代码搜索是指针对给定的自然语言查询识别最相关代码片段的过程，在软件维护中发挥着至关重要的作用。然而，当前的方法严重依赖于标注数据进行训练，这导致在面对跨领域场景（包括特定领域或特定项目情况）时性能下降。造成性能下降的原因是，这些方法有效捕捉与此类场景相关的语义的能力有限。为了解决上述问题，我们提出了一个用于代码搜索的带有预设模型的 zeRo-shot domAin adaPtion 框架，名为 RAPID。该框架首先通过伪标记生成合成数据，然后使用采样合成数据训练 CodeBERT。为了避免噪声合成数据的影响并提高模型性能，我们提出了一种混合采样策略，以便在训练过程中获得硬负样本。具体来说，混合采样策略同时考虑了相关性和多样性，以选择模型难以区分的数据。为了验证我们的方法在零样本设置中的有效性，我们进行了大量实验，发现根据 MRR 指标衡量，RAPID 的性能比 CoCoSoDa 和 UniXcoder 模型分别平均高出 15.7% 和 10%。当在完整数据上进行训练时，我们的方法在使用 CodeBERT 的 MRR 指标下平均提高了 7.5%。我们观察到，随着模型在零镜头任务中性能的提高，硬否定的影响也在减小。我们的观察还表明，对用于生成伪标签的 CodeT5 进行微调可以提高代码搜索模型的性能，而且仅使用 100 次样本就能获得与监督基线相当的结果。此外，我们还通过人工和自动评估，评估了 RAPID 在三个 GitHub 项目的实际代码搜索任务中的有效性。我们的研究结果表明，RAPID 表现出卓越的性能，例如，在 MRR 指标下，比表现最好的模型平均提高了 18%。
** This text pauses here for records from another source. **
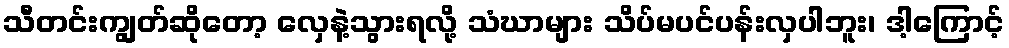
သီတင်းကျွတ်ဆိုတော့ လှေနဲ့သွားရလို့ သံဃာများ သိပ်မပင်ပန်းလှပါဘူး၊ ဒါ့ကြောင့်
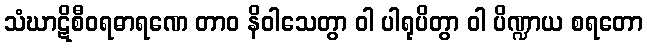
သံဃာဋိစီဝရဓာရဏေ တာဝ နိဝါသေတွာ ဝါ ပါရုပိတွာ ဝါ ပိဏ္ဍာယ စရတော
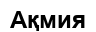
Ақмия
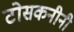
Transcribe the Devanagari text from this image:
टोसकनीनी
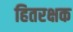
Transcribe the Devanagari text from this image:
हितरक्षक
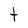
Character: t
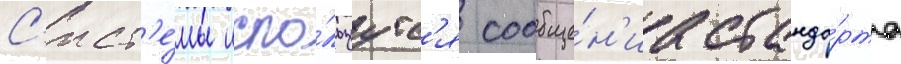
С'ист'е́мы испо́льзуутс'я сообще́н'иа станда́рта
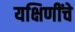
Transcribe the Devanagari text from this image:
यक्षिणींचे
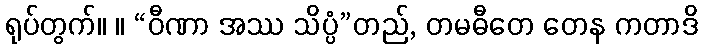
ရုပ်တွက်။ ။ “ဝီဏာ အဿ သိပ္ပံ”တည်, တမဓီတေ တေန ကတာဒိ
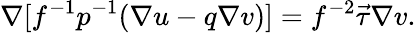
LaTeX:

本文章由计算机程序翻译，如有差异，请以英文原文为准。

求助全文

约1分钟内获得全文去求助

来源期刊

ACM Transactions on Software Engineering and Methodology 工程技术-计算机：软件工程

CiteScore

6.30

自引率

4.50%

发文量

164

审稿时长

>12 weeks

期刊介绍： Designing and building a large, complex software system is a tremendous challenge. ACM Transactions on Software Engineering and Methodology (TOSEM) publishes papers on all aspects of that challenge: specification, design, development and maintenance. It covers tools and methodologies, languages, data structures, and algorithms. TOSEM also reports on successful efforts, noting practical lessons that can be scaled and transferred to other projects, and often looks at applications of innovative technologies. The tone is scholarly but readable; the content is worthy of study; the presentation is effective.